While there was no grand theater policy for Longlegs, what NEON did do was invite us to become Lee Harker. They made us the detectives. Every piece of media put out for marketing was a new piece of the puzzle.
"Evidence" appeared overnight. Four posters were released, each one arriving at a different publication in 20-minute increments. Longlegs was leaving his clues behind, kicking off a chase that would last close to six months.
Our first "trailer" arrived in February, titled "You've got the teeth of hydra upon you". The 90-second preview was our first extended look at Maika Monroe as Harker, and that cryptic symbol, which had been floating around for weeks, finally morphed into the title "Longlegs".
From there, NEON ran with audience curiosity. When that 90-second preview landed, it kicked off a frenzy. People took to social media, calling it "the perfect teaser trailer" and saying, "Don't need to know what this is about, I'm already seated".
Don’t need to know what this is about i’m already seated https://t.co/OkkboxT0Xy
— trish (@jasminesblues) February 3, 2024
Once marketing saw that people were biting, they let the audience lead the way because what the audience creates in their heads has infinite possibility.
They brought out a website with 20 years worth of backstory for all of Longlegs' victims. A phone number appeared on billboards, leading to a spine-tingling recording of Nicolas Cage in character. Red posters – that are worth a closer look – were plastered across bus stops. The carefully curated techniques from NEON gave us the tools to solve the mystery of Longlegs without us even realizing it.
NEON sealed the deal the week of release by posting the actual heartbeat of Maika Monroe when she first saw Nicolas Cage as Longlegs on set.
"The director wanted to keep us separate," Monroe told Seth Meyers on his Late Night show. "I walked into the [interrogation] room, and there was Nic Cage in like- I mean, it was f*****g crazy." Monroe's heartbeat jumped from 76bpm to 170bpm just from seeing him, which psychologically primed the audience to walk into this movie with a feeling of fear.
Suddenly, Longlegs was no longer fiction because Monroe's fear was grounded in reality. That short video took the fear and terror of Cage's character and placed it in the real world, which the studio now has the proof from people's Apple watches to prove it wasn't just Monroe with the heartracing reaction.
For every tweet posted about the film on its opening weekend, there had to be just as many praising the marketing team for what they accomplished with this campaign.

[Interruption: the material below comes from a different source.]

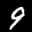
Label: 9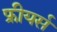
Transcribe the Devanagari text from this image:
फ्रीयर्स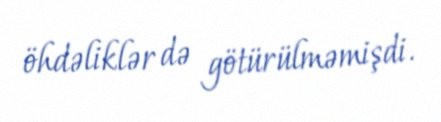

Rarely do we see thoughtful, creative work that reflects the filmmakers' efforts, but by replicating the Oz Perkins’ meticulous vision through its marketing materials, NEON managed to pull off an accomplishment as alluring and thoughtful as the film itself.
Not only did it pay off in respect, but also in financials. As Psycho did for Paramount, Longlegs became the biggest opening for NEON, showing what is possible when studios take their audiences seriously, respect what they are asking of us and sprinkle in a little bit of old-school showmanship for good measure.